Figure 8 – Ignore un-matched Pivot key option
To execute the Data Flow task, go to the package control flow, press right-click on the Data Flow task, and click on “Execute Task”.
Figure 9 – Executing the Data Flow Task
After execution is finished, go to the Progress tab and check the SSIS pivot transformation output as shown in the image below.
Figure 10 – Reading the pivot transformation output
You can copy this output by pressing right-click on the message and click on “Copy message text”.
Figure 11 – Copy the pivot transformation output
We should paste only the column names into the output column text box and click on “Generate columns now”. We can check the added columns in the “Existing pivoted output columns” text box.
Figure 12 – Generating output columns
After configuring the SSIS pivot transformation, we will export the result into a Flat file (CSV). As shown in the image below, the number of rows is reduced to the number of distinct values found in the “Set Key” columns.
Figure 13 – Executed data flow task
If we open the created CSV file, we can check how the data is transformed to a pivot table.
Figure 14 – Data sample from the exported csv file
SSIS unpivot transformation
As mentioned in the SSIS toolbox, the unpivot transformation “expands an un-normalized data flow into a more normalized version (Values from multiple columns of a single record expand to multiple records in a single column)”.
Figure 15 – Unpivot transformation description in the SSIS toolbox
To explain the SSIS unpivot transformation, we will add a new Data Flow task with a Flat File source that reads from the CSV file we created in the previous example. Then we will add an SSIS unpivot transformation component that takes the flat file source’s output as an input.
Now, let us open the SSIS unpivot transformation editor. As shown in the image below, we should configure this transformation as follows:
- We should check the “Pass through” option for the columns that do not need to be unpivoted
- We should check all columns that we need to unpivot
- In the columns grid, we should specify an output column name for each input column. In this example, we used “Times_Earned” as a column name since it was used in the initial SQL query we used
- We should specify the pivot value output column name where the values will be stored.
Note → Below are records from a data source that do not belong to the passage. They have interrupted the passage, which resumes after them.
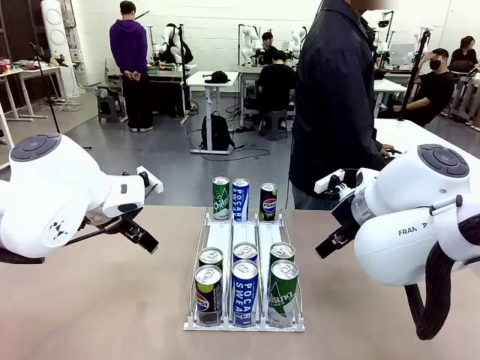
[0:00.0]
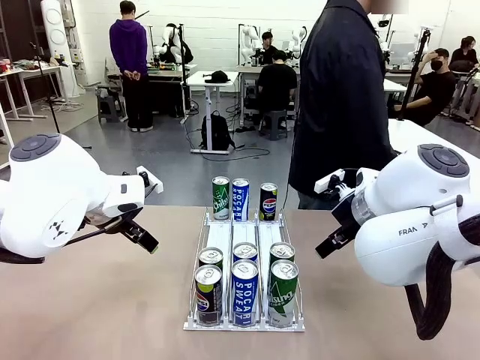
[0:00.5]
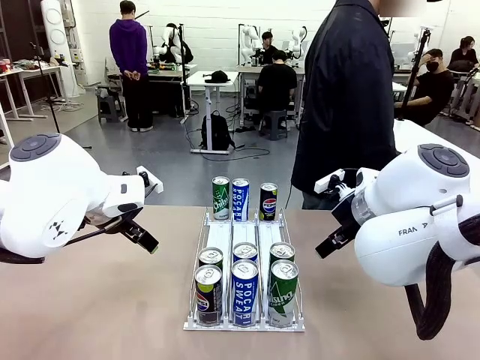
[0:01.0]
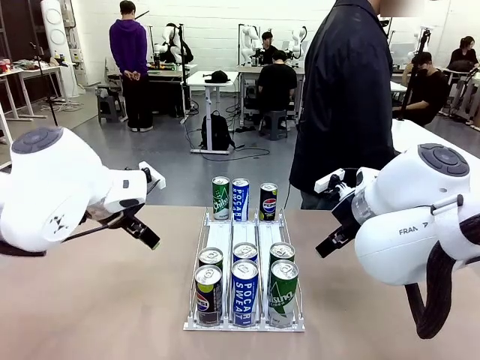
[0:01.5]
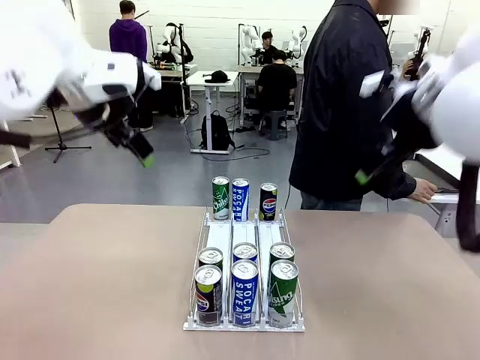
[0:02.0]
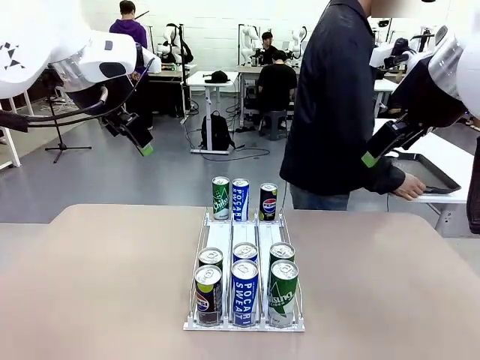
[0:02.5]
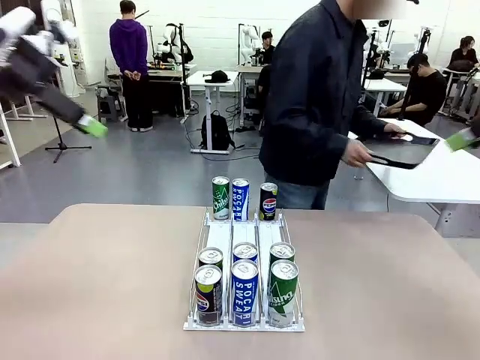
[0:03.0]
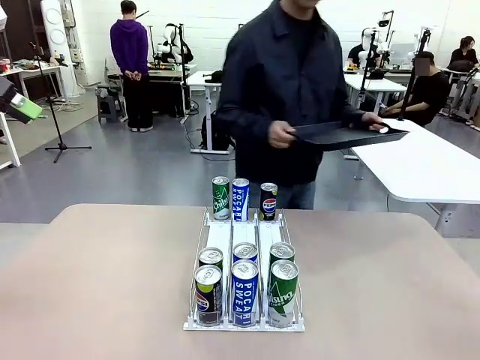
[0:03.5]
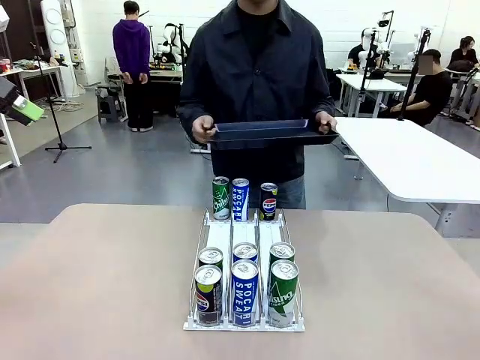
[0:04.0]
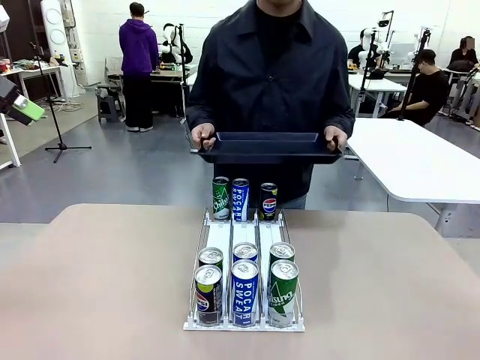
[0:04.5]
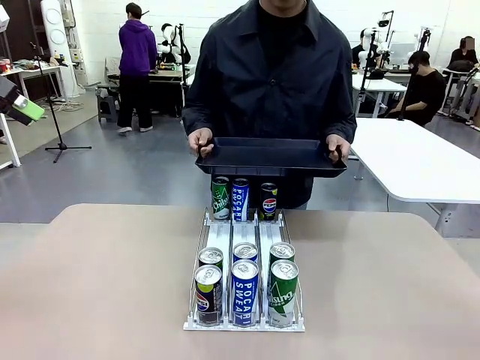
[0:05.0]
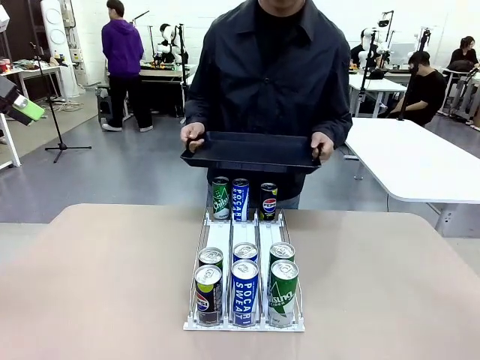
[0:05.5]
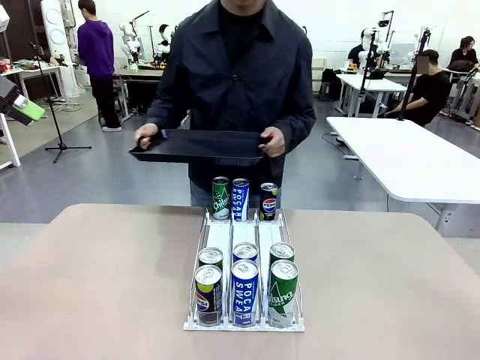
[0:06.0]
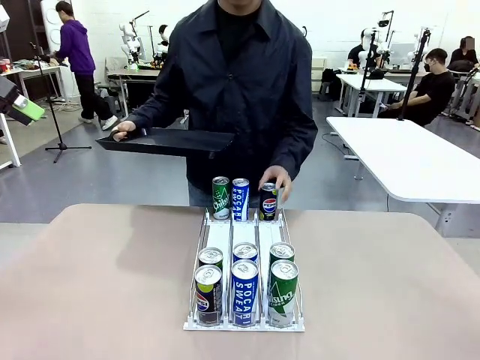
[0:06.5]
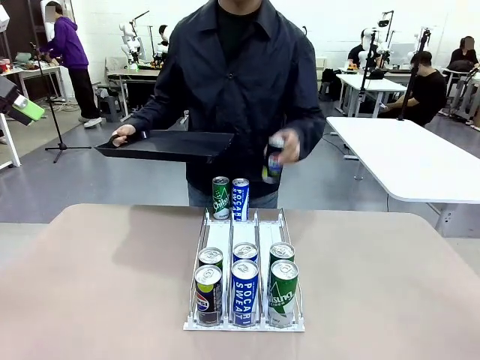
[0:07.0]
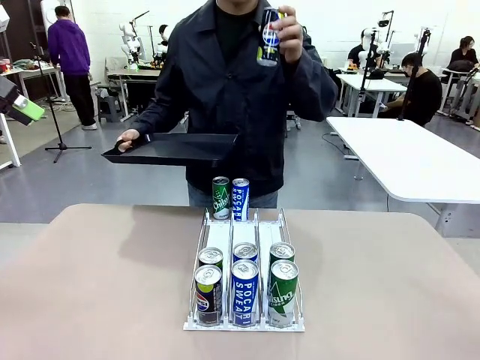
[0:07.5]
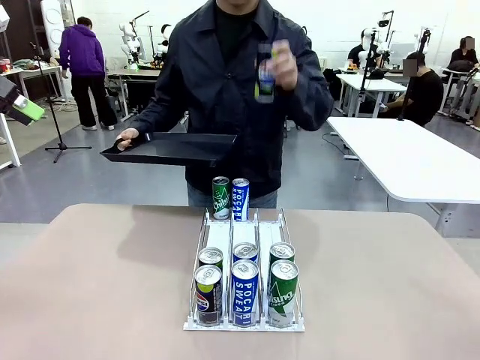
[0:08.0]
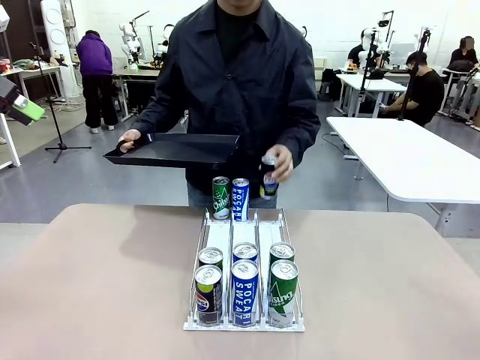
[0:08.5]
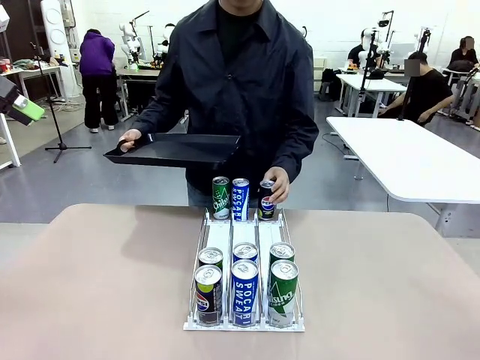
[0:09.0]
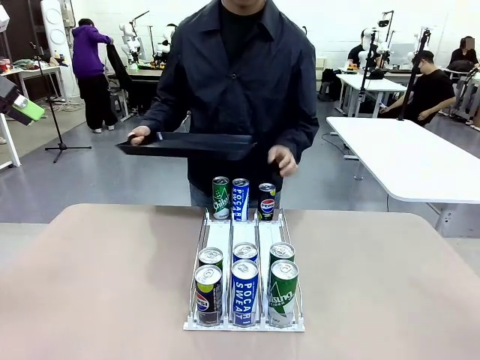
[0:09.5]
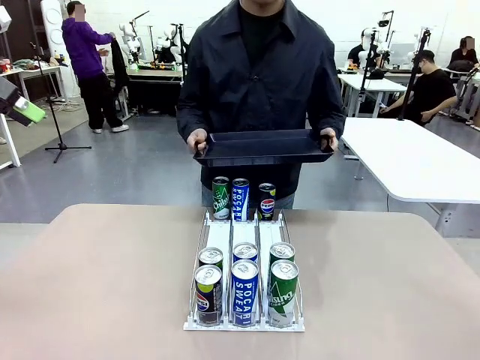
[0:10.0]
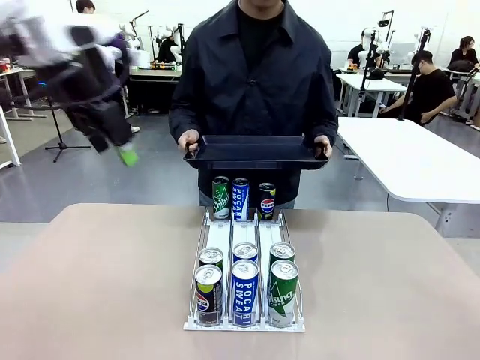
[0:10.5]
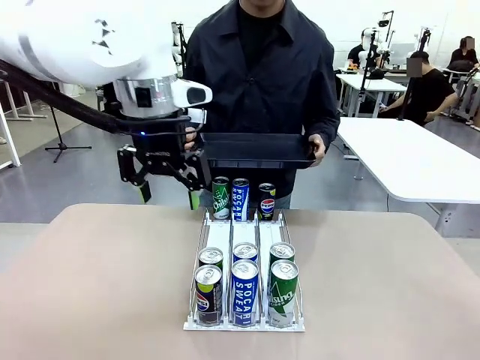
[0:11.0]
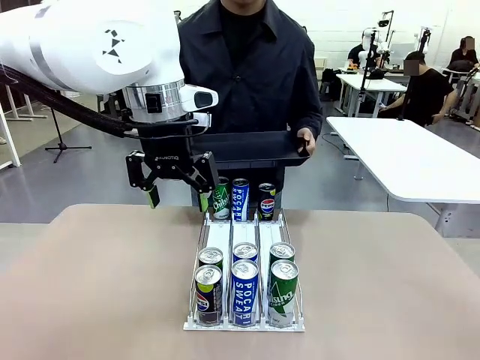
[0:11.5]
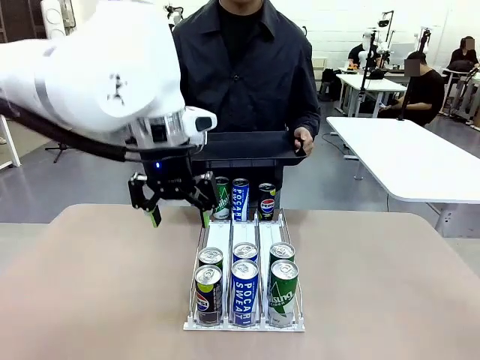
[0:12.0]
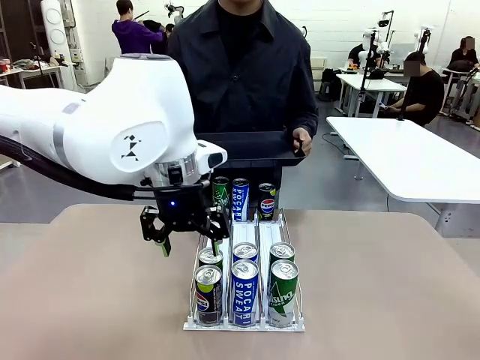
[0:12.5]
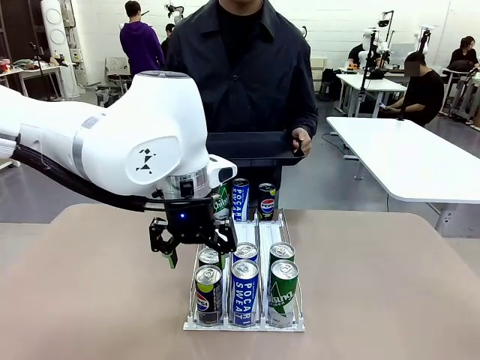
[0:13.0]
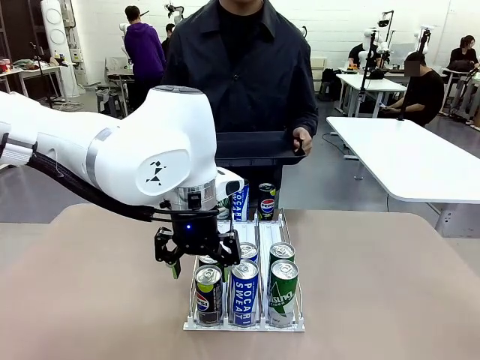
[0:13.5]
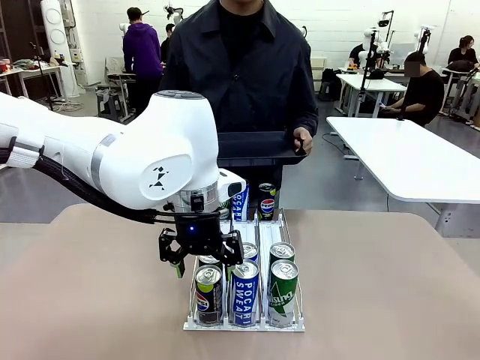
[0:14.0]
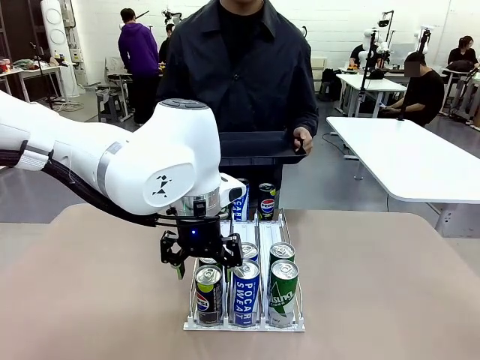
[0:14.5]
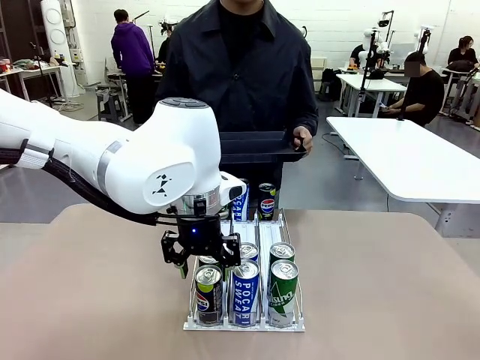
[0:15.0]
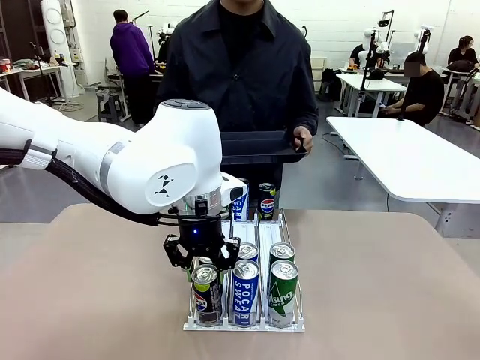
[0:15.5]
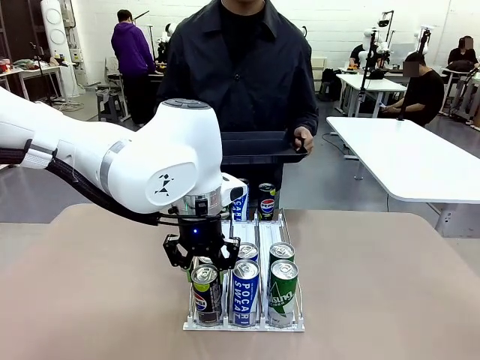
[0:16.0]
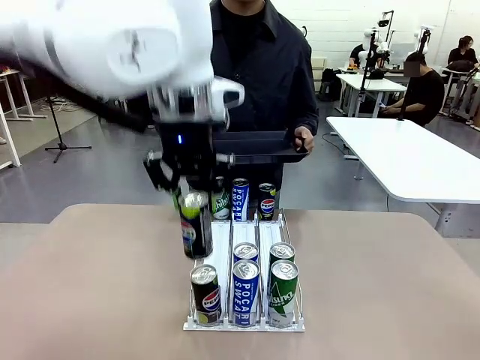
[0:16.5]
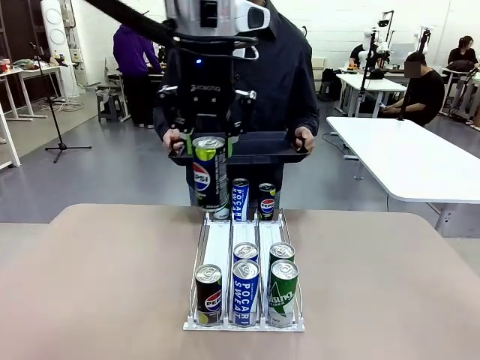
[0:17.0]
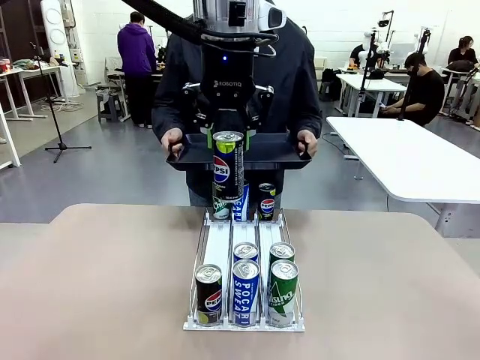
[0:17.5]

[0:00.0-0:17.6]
Task: Retrieve and hand over the desired beverage to the person.
Robot: Pick up a can of the same type that the person held from the Automatic Can Dispenser.
Person: Hold the tray and position yourself in front of the robot table. Pick up one can from the bottom area of the table and puts it back in its original place. Push the tray toward the robot.

In this example, we used “Earned_Year” as a column name since it was initially used in this article
Figure 16 – SSIS unpivot transformation editor
After configuring the unpivot transformation, we add a Flat file destination to export the unpivoted data to another flat file (CSV). After executing the package, we should note that the unpivot transformation output rows count is higher than the input rows.
Figure 17 – Unpivot input and output rows count
If we open the created CSV file, we can check how pivoted data is transformed back to a normalized table.
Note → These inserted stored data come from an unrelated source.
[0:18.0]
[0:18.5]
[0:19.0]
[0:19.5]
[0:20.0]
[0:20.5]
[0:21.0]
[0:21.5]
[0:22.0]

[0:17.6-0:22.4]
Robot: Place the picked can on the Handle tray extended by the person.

Figure 18 – Unpivoted data sample
- Important note: The output of the unpivot transformation is 13530 rows, while the SSIS pivot transformation input was 4979 rows. The reason for this difference is that the unpivot transformation generates a row for each pivot key, set key combination, while it may not exists in the initial data. For example, in the initial data, the “.htaccess” name does not have a row for the 2008 year while it has in the unpivot output while a value equal to 0. The unpivot transformation output rows count = the number of set key values x the number of pivot columns. In this example: 13530 (output rows) = 2255 (Name distinct values) x 6 (Earned year values)
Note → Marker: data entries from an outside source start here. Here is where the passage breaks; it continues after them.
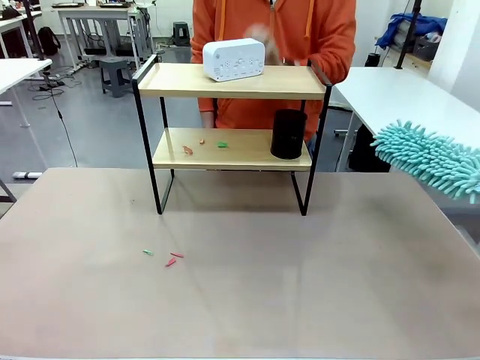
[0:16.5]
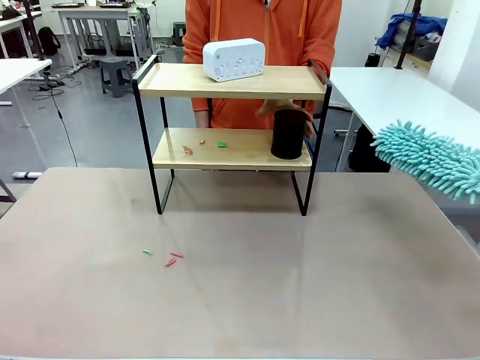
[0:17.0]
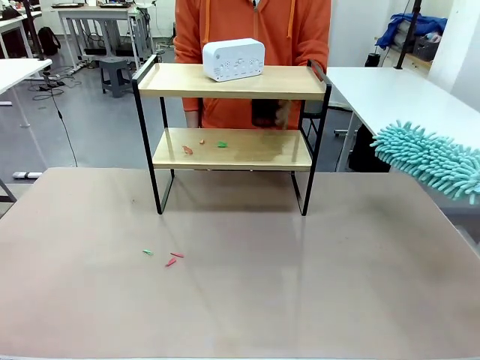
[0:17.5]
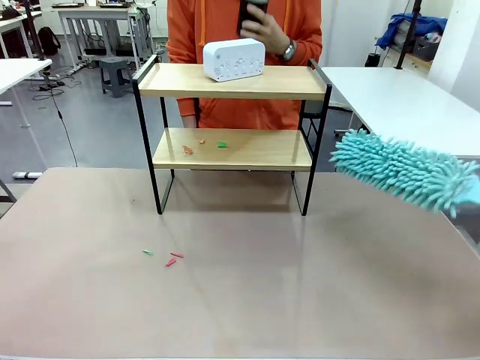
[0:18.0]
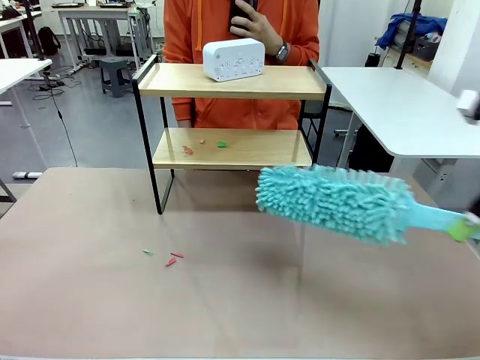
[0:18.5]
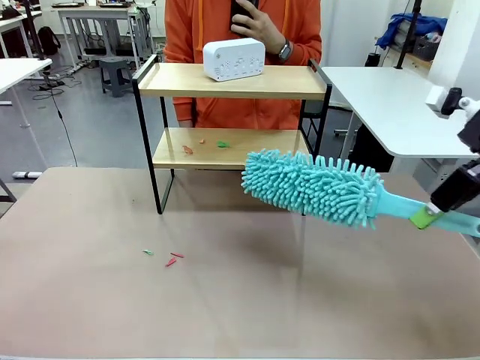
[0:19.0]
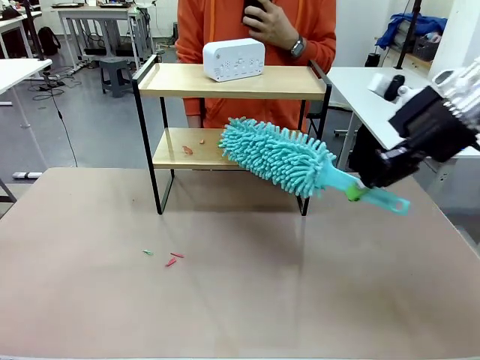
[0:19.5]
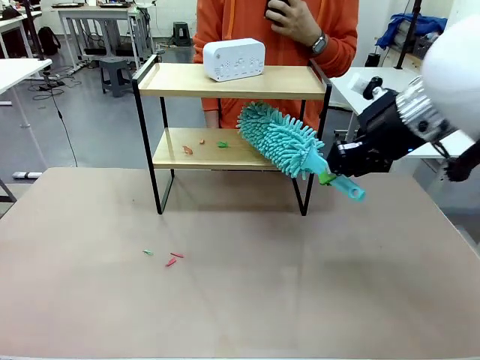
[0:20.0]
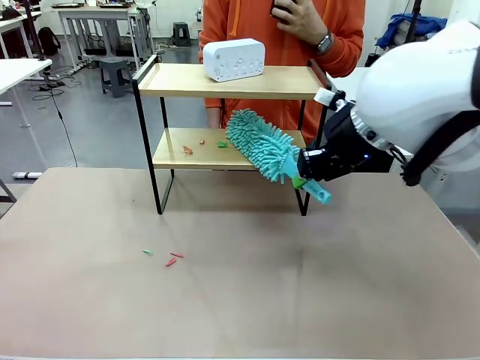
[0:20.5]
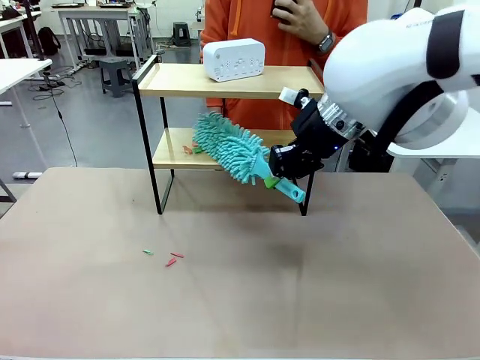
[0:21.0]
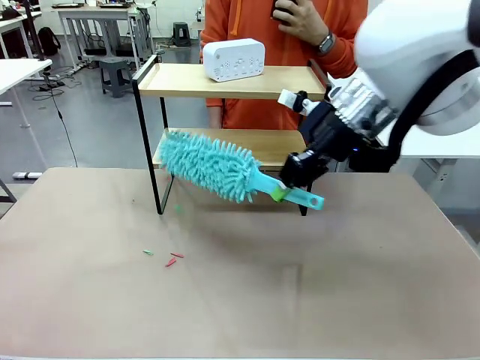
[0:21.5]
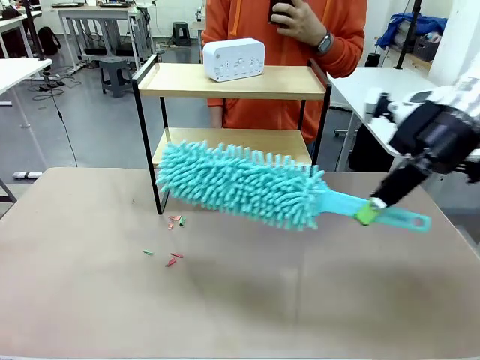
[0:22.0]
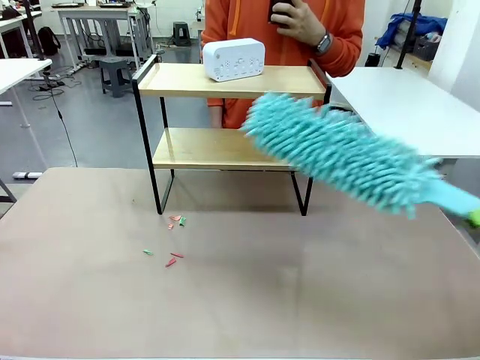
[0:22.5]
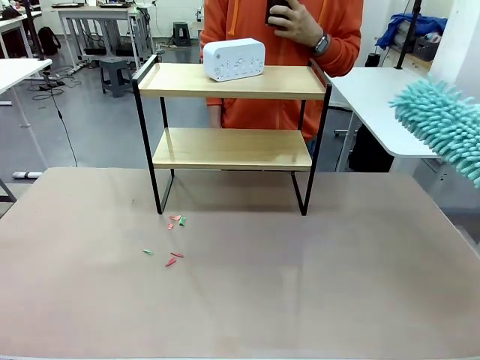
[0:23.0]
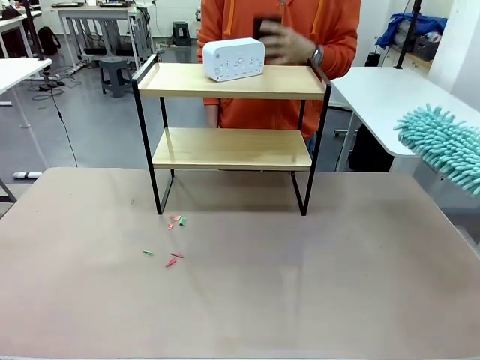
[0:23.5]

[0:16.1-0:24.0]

- An overview of SQL Server monitoring tools - December 12, 2023
- Different methods for monitoring MongoDB databases - June 14, 2023
- Learn SQL: Insert multiple rows commands - March 6, 2023
Summary
In this article, we briefly explained the pivot and the unpivot operations and why developers use them. Then, we explained the SSIS pivot transformation and how to configure it to convert normalized data into a pivot table. Finally, we explained the SSIS unpivot transformation and how to transform pivoted data into normalized data.